_DIRECTIONS FOR THIS TASK_. When a line in the listing contains the string "ECLI", pick it out and copy it.

_DATA SUPPLIED_.
□ □ □ □ □ □ □
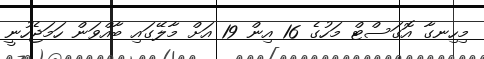
މިހިނގާ އޮގަސްޓް މަހުގެ 16 އިން 19 އަށް މާލޭގައި ބާއްވަން ހަމަޖެހުނީ
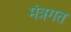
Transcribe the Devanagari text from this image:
मंत्रगत
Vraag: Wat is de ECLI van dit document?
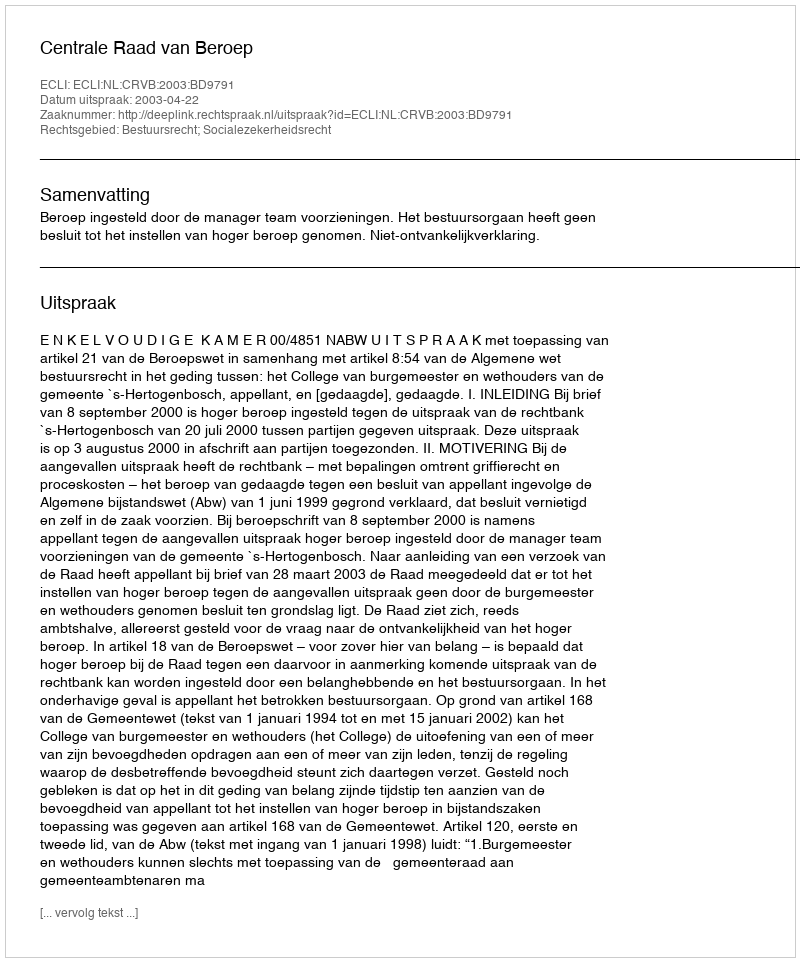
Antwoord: ECLI:NL:CRVB:2003:BD9791
□ □ □ □ □ □ □
_EXERCISE OUTPUT_.
Vraag: Wat is de ECLI van dit document?
Antwoord: ECLI:NL:CRVB:2003:BD9791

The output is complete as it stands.